Return exactly the lines of the records below, starting at the line that contains "1.297H30.258C32.312 1.183 34.361" and ending at the line that contains "1.297H50.705C52.76 1.248 54.803", with both of those lines kept.
══ TASK INPUT
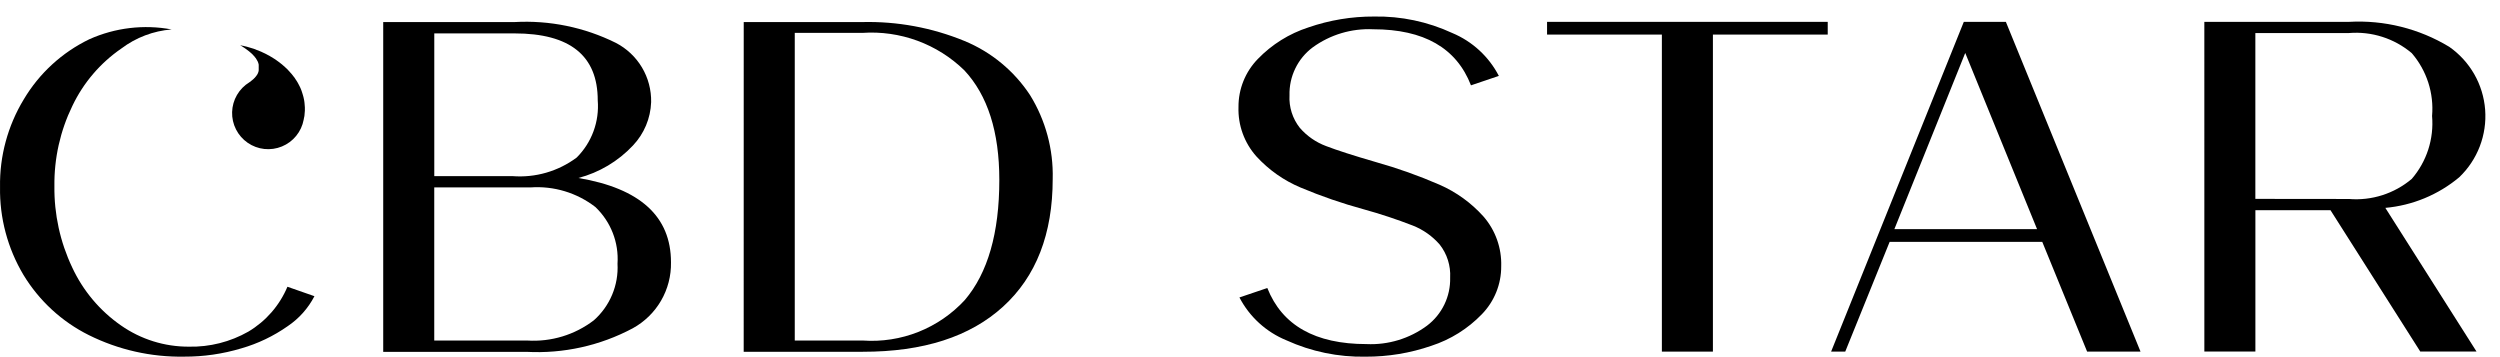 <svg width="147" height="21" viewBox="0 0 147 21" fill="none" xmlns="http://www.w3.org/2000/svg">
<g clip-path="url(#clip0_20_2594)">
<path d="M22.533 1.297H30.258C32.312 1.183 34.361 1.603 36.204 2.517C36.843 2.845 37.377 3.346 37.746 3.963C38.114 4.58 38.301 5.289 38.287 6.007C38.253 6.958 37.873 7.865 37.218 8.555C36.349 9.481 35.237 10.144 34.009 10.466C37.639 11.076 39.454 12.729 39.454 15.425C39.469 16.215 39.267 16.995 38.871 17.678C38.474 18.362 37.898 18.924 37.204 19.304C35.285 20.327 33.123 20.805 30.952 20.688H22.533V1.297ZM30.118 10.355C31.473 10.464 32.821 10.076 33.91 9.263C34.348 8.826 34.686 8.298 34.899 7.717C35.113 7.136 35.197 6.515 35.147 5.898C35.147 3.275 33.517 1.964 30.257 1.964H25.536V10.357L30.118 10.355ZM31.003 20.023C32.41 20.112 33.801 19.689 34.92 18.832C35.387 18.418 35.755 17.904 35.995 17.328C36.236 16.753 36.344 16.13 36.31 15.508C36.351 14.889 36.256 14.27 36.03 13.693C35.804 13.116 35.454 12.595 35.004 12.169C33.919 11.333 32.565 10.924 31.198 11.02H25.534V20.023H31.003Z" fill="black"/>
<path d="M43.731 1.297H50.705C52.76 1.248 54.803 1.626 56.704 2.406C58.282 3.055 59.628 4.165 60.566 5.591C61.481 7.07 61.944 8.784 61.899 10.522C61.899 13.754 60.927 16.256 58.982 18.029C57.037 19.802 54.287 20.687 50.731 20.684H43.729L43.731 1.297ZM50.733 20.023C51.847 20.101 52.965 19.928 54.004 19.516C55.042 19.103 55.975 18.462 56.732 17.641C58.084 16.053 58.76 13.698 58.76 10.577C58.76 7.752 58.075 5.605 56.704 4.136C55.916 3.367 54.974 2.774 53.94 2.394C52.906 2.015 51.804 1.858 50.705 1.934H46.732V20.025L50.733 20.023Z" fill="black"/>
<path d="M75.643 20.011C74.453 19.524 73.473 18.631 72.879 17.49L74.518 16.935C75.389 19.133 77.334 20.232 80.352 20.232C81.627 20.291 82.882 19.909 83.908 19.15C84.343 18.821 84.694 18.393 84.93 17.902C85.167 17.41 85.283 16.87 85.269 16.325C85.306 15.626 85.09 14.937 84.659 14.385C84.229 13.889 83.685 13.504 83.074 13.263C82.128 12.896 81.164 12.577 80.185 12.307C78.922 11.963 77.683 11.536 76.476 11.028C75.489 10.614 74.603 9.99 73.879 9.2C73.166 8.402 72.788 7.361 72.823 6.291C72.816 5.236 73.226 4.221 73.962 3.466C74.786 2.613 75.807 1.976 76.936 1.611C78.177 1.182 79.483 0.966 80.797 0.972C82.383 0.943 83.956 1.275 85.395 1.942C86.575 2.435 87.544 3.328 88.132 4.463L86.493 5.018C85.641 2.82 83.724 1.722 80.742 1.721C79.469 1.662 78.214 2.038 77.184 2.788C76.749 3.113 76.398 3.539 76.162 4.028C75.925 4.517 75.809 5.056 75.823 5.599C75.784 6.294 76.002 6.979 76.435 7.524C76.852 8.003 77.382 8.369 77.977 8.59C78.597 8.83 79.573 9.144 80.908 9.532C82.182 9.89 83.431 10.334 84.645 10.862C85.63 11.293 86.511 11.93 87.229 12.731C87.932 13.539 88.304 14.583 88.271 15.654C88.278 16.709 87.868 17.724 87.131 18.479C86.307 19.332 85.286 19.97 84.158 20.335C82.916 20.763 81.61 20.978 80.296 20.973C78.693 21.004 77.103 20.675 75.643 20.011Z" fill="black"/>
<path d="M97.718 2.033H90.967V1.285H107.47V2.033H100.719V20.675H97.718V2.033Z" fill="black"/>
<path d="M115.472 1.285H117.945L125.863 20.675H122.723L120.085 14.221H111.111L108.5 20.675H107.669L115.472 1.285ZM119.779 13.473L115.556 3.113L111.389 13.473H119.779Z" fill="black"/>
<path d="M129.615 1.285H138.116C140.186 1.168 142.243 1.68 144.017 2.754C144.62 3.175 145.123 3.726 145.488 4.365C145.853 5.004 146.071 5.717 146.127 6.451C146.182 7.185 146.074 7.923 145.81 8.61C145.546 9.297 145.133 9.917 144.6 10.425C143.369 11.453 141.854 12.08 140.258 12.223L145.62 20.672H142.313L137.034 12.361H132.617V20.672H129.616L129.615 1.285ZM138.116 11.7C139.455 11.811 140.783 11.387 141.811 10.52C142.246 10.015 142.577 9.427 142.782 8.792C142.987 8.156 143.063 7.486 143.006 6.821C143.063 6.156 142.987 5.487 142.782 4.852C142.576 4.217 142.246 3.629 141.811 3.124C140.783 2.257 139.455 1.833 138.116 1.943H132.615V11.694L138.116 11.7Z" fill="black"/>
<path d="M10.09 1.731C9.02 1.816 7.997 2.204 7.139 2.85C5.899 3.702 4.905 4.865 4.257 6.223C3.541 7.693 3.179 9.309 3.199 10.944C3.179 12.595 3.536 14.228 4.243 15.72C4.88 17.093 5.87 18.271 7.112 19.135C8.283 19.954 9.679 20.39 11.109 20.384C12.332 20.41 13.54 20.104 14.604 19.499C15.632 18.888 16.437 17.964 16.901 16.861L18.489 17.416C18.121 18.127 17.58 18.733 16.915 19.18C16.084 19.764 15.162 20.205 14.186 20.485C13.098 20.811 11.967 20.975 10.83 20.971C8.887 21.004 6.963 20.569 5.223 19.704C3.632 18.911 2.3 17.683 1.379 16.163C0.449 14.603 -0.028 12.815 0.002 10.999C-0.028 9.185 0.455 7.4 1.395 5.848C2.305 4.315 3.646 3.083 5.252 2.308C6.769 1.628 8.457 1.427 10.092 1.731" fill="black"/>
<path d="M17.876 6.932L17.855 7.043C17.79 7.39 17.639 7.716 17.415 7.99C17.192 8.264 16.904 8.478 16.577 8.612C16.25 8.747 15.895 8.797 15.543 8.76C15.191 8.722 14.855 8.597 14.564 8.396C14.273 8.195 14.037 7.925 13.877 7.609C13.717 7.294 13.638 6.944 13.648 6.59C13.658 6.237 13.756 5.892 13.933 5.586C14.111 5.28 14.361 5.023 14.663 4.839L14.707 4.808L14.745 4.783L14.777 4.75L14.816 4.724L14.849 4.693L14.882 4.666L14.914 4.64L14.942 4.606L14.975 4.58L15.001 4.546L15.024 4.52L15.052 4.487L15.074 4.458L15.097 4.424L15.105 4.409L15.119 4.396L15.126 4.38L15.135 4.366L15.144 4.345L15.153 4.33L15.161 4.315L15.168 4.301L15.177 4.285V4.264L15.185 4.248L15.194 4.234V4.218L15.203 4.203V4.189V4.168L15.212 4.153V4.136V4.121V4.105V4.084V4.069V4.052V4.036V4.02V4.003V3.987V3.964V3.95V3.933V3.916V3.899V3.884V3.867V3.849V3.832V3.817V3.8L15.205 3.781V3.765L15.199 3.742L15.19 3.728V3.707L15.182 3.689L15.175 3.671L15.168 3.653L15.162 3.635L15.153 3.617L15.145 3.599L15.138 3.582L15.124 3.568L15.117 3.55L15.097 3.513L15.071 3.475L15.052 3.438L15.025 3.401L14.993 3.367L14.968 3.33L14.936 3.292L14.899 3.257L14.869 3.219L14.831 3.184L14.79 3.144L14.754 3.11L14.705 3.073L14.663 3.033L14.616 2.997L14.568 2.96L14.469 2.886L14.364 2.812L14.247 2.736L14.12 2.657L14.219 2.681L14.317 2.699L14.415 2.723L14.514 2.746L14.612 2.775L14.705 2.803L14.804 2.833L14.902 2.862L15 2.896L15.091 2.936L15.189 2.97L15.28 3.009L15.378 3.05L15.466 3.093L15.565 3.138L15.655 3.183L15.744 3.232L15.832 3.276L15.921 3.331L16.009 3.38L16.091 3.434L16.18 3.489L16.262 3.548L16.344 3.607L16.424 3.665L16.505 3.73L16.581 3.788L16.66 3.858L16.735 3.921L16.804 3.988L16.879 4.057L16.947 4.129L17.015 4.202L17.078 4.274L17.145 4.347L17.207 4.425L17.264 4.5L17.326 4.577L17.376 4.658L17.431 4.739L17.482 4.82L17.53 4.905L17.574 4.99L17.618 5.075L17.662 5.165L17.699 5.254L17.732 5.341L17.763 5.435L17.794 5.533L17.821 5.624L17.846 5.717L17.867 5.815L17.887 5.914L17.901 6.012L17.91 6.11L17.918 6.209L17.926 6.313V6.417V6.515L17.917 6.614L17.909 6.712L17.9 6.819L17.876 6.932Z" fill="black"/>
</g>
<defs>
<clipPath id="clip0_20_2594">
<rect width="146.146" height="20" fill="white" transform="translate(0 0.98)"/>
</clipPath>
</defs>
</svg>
════
══ TASK INPUT
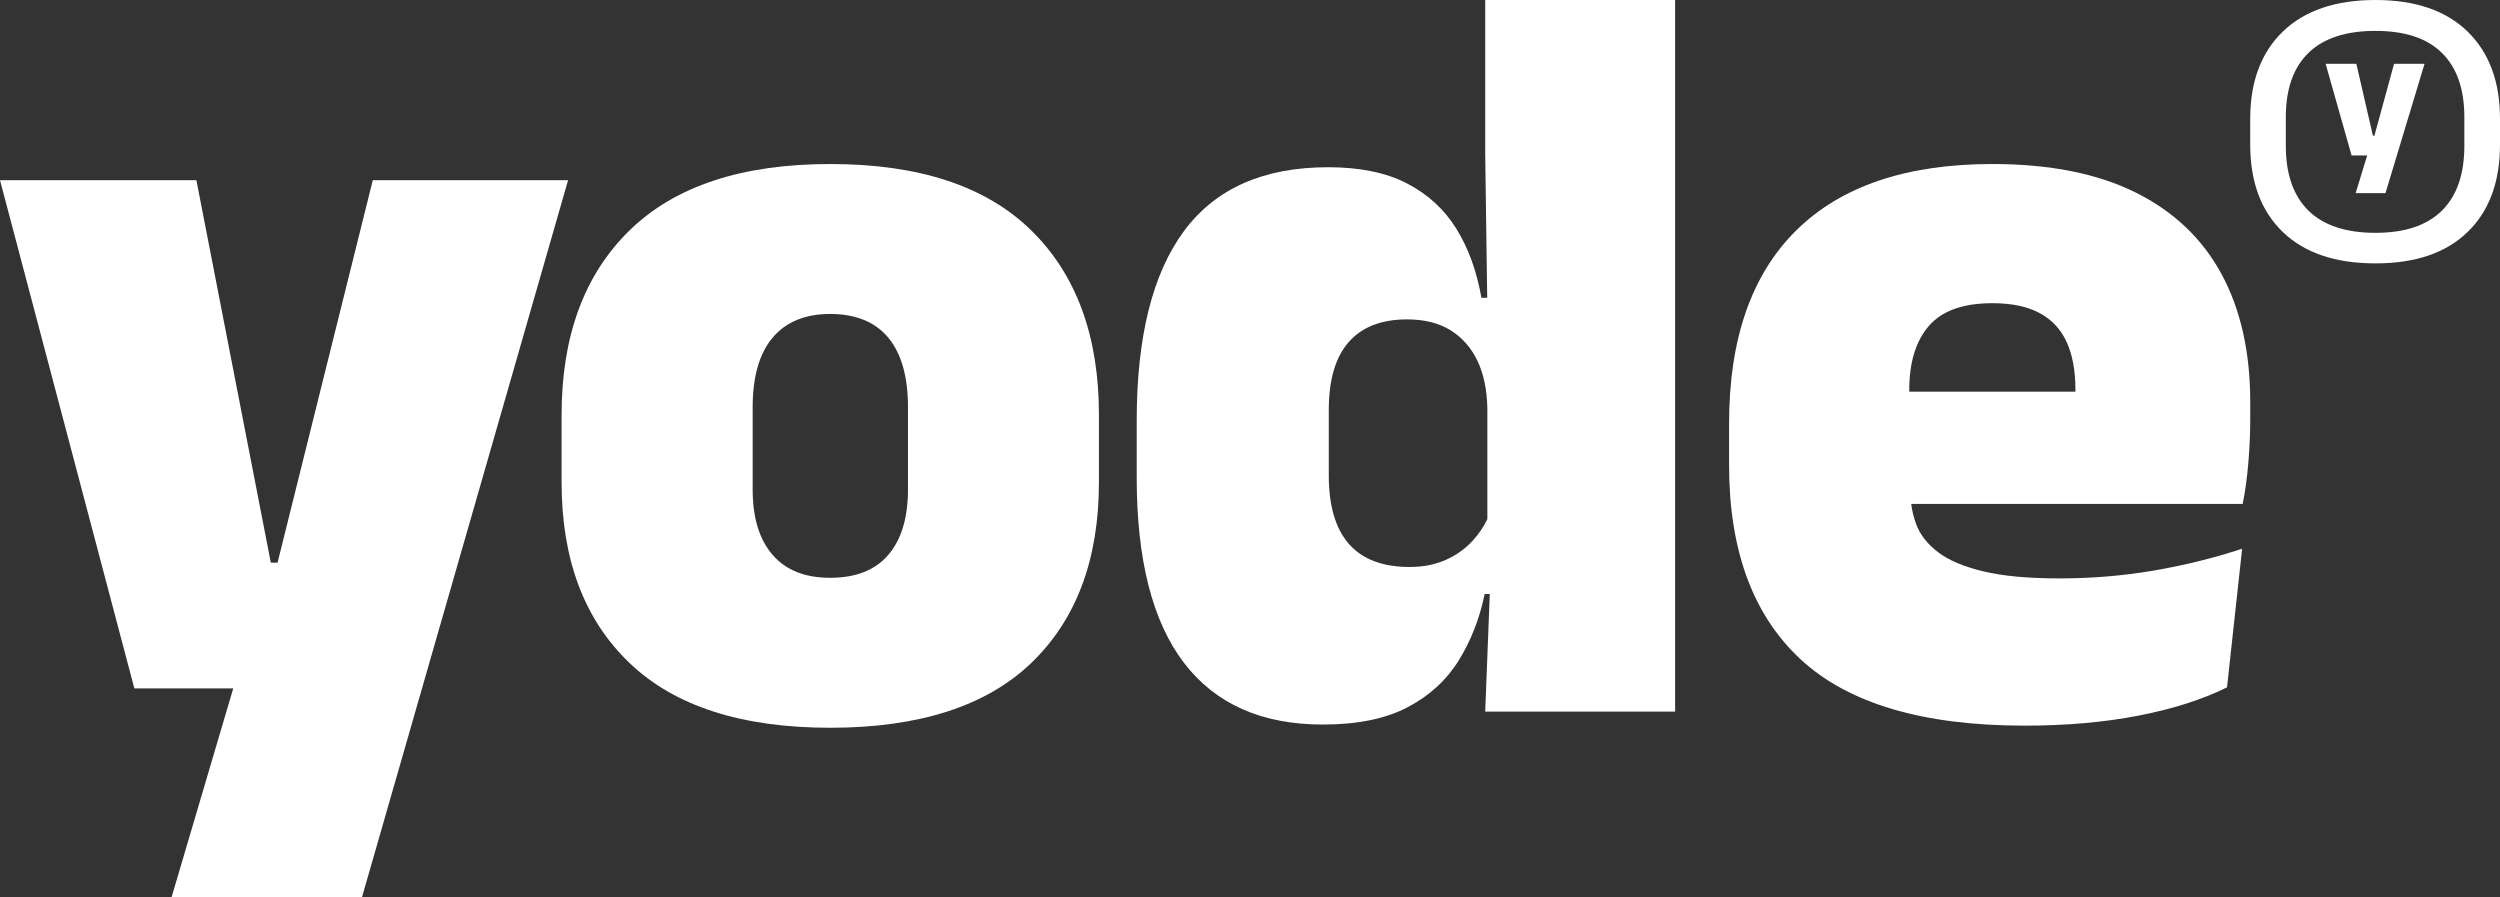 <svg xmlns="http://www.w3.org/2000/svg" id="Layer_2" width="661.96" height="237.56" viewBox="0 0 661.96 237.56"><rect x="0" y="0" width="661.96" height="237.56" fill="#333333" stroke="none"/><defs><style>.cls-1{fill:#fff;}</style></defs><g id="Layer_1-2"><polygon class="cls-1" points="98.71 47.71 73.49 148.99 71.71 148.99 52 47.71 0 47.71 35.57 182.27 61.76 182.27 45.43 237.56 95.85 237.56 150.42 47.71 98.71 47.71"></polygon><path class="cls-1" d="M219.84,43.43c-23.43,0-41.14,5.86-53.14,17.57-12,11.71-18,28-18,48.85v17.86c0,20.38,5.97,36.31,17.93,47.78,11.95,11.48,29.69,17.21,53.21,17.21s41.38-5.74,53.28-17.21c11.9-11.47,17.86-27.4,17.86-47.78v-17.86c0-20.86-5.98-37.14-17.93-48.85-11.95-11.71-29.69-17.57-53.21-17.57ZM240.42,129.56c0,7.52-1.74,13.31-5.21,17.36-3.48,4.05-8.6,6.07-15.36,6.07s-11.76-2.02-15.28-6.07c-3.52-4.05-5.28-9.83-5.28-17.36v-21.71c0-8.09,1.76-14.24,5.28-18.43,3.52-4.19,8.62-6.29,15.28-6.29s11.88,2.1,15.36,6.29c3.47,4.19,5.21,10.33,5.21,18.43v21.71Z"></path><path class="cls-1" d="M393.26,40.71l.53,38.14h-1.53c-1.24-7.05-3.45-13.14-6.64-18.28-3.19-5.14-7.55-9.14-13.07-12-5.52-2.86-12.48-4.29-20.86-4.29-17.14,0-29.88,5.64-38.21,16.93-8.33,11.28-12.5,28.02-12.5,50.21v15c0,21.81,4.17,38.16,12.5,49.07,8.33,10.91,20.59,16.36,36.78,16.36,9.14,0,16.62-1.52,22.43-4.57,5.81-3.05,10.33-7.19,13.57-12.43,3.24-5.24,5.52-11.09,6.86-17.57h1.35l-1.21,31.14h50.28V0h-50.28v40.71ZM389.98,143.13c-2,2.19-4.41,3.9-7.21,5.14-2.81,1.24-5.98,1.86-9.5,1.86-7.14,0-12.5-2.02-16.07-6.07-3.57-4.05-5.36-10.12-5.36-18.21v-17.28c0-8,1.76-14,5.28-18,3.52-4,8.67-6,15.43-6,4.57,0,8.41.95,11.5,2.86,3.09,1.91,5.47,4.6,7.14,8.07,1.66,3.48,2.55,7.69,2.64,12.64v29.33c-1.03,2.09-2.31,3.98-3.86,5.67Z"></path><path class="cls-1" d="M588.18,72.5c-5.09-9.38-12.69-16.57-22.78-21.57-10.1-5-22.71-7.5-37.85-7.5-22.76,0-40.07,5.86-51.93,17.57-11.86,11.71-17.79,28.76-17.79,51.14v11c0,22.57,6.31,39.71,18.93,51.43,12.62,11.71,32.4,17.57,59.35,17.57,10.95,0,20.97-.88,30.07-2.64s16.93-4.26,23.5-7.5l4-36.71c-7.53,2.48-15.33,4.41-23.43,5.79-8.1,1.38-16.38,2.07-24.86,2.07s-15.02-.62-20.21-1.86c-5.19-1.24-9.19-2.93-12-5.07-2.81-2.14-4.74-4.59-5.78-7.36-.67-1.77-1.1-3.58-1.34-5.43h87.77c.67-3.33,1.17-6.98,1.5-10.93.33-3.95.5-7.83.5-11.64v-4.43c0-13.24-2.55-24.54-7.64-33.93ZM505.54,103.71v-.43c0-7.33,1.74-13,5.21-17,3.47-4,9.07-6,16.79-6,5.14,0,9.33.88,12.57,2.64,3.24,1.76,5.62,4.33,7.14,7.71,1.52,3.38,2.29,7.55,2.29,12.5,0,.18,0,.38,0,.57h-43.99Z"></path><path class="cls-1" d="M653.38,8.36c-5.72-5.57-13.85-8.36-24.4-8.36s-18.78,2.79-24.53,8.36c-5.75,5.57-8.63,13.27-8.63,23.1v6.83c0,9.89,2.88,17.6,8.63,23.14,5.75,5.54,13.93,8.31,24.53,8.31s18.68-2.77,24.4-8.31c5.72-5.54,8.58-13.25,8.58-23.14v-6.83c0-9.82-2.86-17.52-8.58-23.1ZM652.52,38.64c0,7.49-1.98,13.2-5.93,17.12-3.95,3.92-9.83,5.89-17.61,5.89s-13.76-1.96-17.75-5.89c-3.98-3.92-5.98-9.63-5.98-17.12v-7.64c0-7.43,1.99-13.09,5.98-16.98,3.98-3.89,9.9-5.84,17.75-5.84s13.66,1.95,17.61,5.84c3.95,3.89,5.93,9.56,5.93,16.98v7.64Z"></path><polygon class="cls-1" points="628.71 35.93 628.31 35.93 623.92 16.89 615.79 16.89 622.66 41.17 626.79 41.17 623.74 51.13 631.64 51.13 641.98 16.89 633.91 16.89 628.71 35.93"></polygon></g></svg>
════
▶ SOLUTION FOR THIS TASK
<path d="M22.533 1.297H30.258C32.312 1.183 34.361 1.603 36.204 2.517C36.843 2.845 37.377 3.346 37.746 3.963C38.114 4.58 38.301 5.289 38.287 6.007C38.253 6.958 37.873 7.865 37.218 8.555C36.349 9.481 35.237 10.144 34.009 10.466C37.639 11.076 39.454 12.729 39.454 15.425C39.469 16.215 39.267 16.995 38.871 17.678C38.474 18.362 37.898 18.924 37.204 19.304C35.285 20.327 33.123 20.805 30.952 20.688H22.533V1.297ZM30.118 10.355C31.473 10.464 32.821 10.076 33.91 9.263C34.348 8.826 34.686 8.298 34.899 7.717C35.113 7.136 35.197 6.515 35.147 5.898C35.147 3.275 33.517 1.964 30.257 1.964H25.536V10.357L30.118 10.355ZM31.003 20.023C32.41 20.112 33.801 19.689 34.92 18.832C35.387 18.418 35.755 17.904 35.995 17.328C36.236 16.753 36.344 16.13 36.31 15.508C36.351 14.889 36.256 14.27 36.03 13.693C35.804 13.116 35.454 12.595 35.004 12.169C33.919 11.333 32.565 10.924 31.198 11.02H25.534V20.023H31.003Z" fill="black"/>
<path d="M43.731 1.297H50.705C52.76 1.248 54.803 1.626 56.704 2.406C58.282 3.055 59.628 4.165 60.566 5.591C61.481 7.07 61.944 8.784 61.899 10.522C61.899 13.754 60.927 16.256 58.982 18.029C57.037 19.802 54.287 20.687 50.731 20.684H43.729L43.731 1.297ZM50.733 20.023C51.847 20.101 52.965 19.928 54.004 19.516C55.042 19.103 55.975 18.462 56.732 17.641C58.084 16.053 58.76 13.698 58.76 10.577C58.76 7.752 58.075 5.605 56.704 4.136C55.916 3.367 54.974 2.774 53.94 2.394C52.906 2.015 51.804 1.858 50.705 1.934H46.732V20.025L50.733 20.023Z" fill="black"/>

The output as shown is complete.